New York's Sales Tax Rates

The New York State sales tax rate currently is 4%, but each county charges an additional sales tax between 3% and 4.5%. This means in New York, the sales rate that you can pay ranges between 7% to 8.5%, with the average in most counties and cities being 8%.

Counties based in the Metropolitan commuter transportation district (MCTD) are required to pay an extra sales tax at the rate of 0.375%.

So, to calculate the total amount of tax due on a sale, you multiply the item price before tax, by the combined state and local tax rate. And if applicable, you add the MCTD tax rate.

What is Taxed and What is Not?

In New York State, the majority of retail sales are subject to sales and use tax. Some items are taxed based on the buyer’s residency, rather than the location where the item was purchased. A good example of such an item is a vehicle.

There is tax exemption on several items in New York. These include prescribed medicines, groceries, newspapers, laundering and cleaning, and feminine products.
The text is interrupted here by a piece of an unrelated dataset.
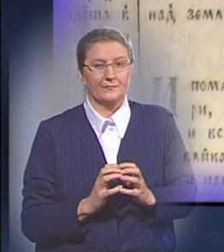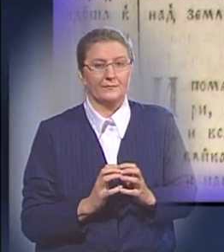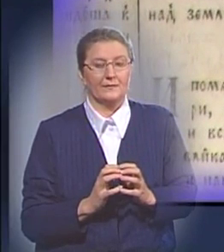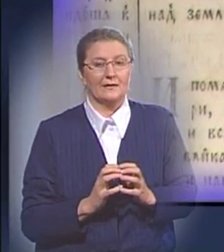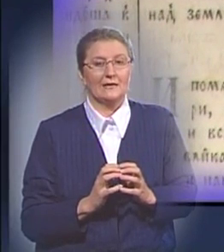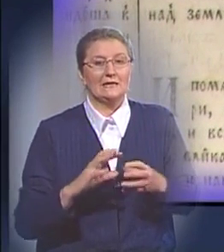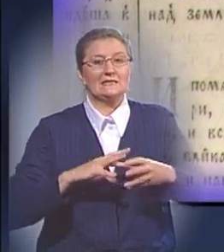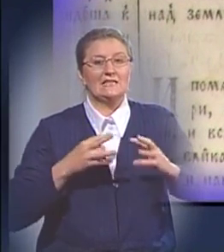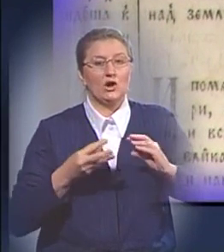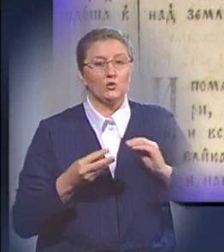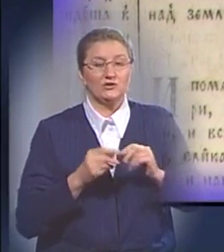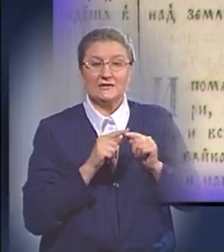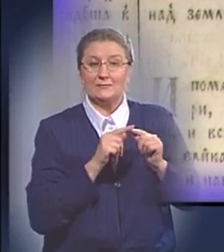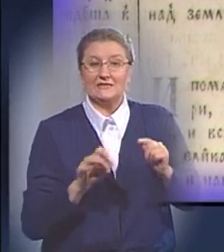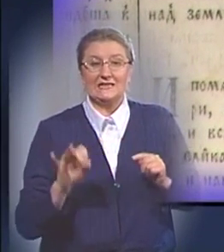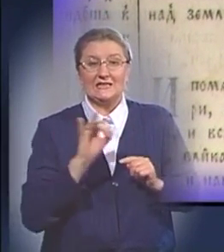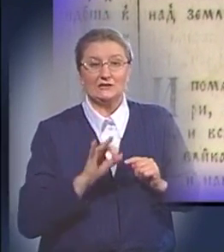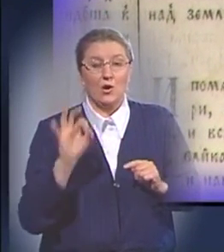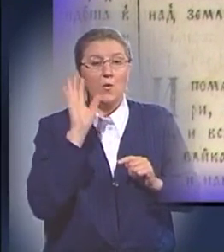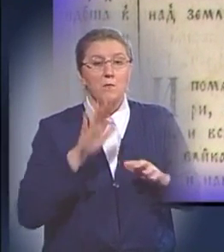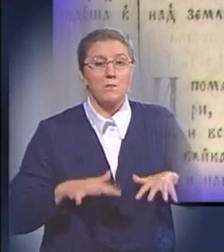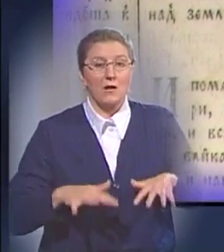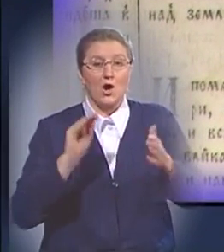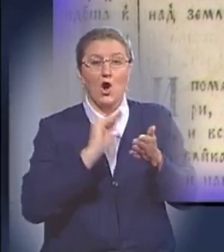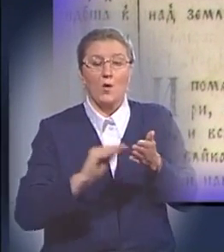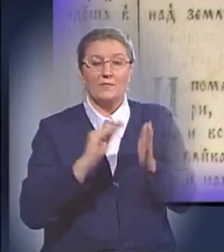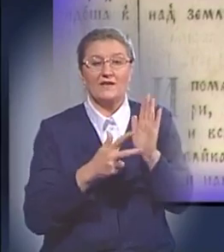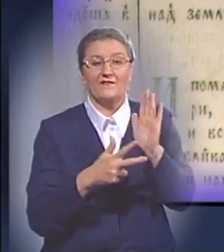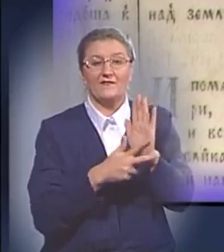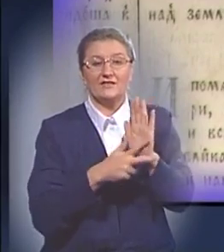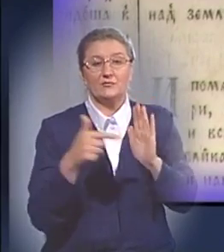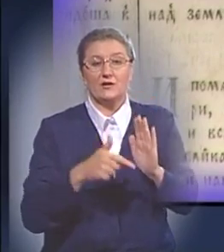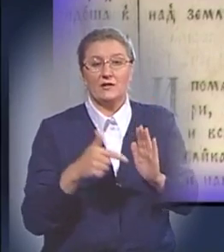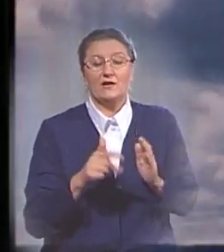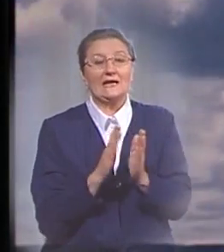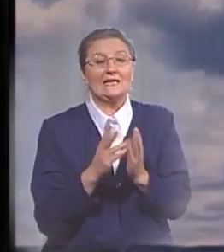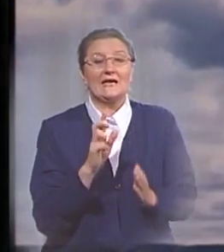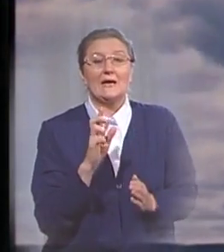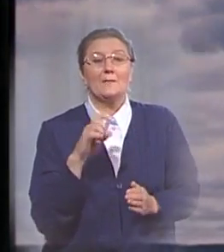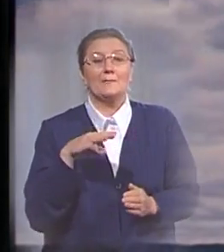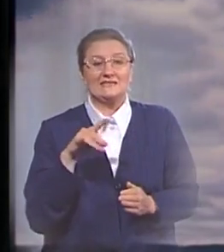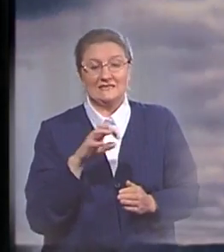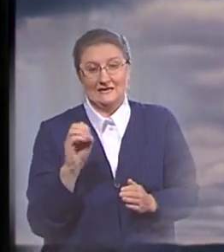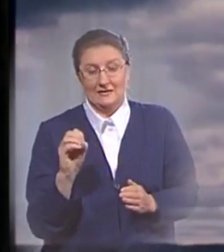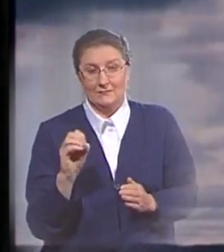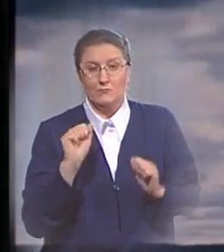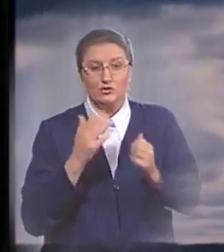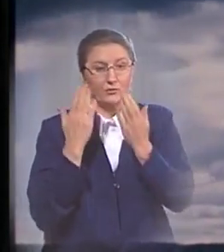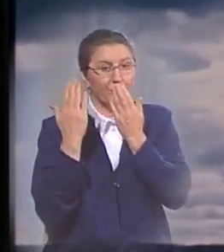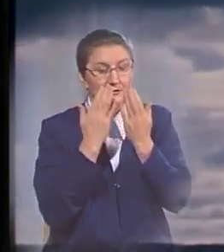Заключительный эпизод истории о потопе описан в восьмой главе книги Бытие, где мы можем прочесть, что навел

Others include clothes and shoes that cost less than $110, and piped water.

Public utilities like phone services, gasoline, refrigeration, telegraph, and electricity, are taxable.

New York City taxes some services that are not taxed by the state. These services include massages, barber services, gym services, saunas, electrolysis, and beautician services.

Conclusion - New York Sales Tax

In the fiscal year 2022, New York state faces a potential gap of $15 billion. Some state policymakers have suggested an increase in taxes. This increase will mean a probable rise from 4%, which is the state’s current flat rate for sales tax.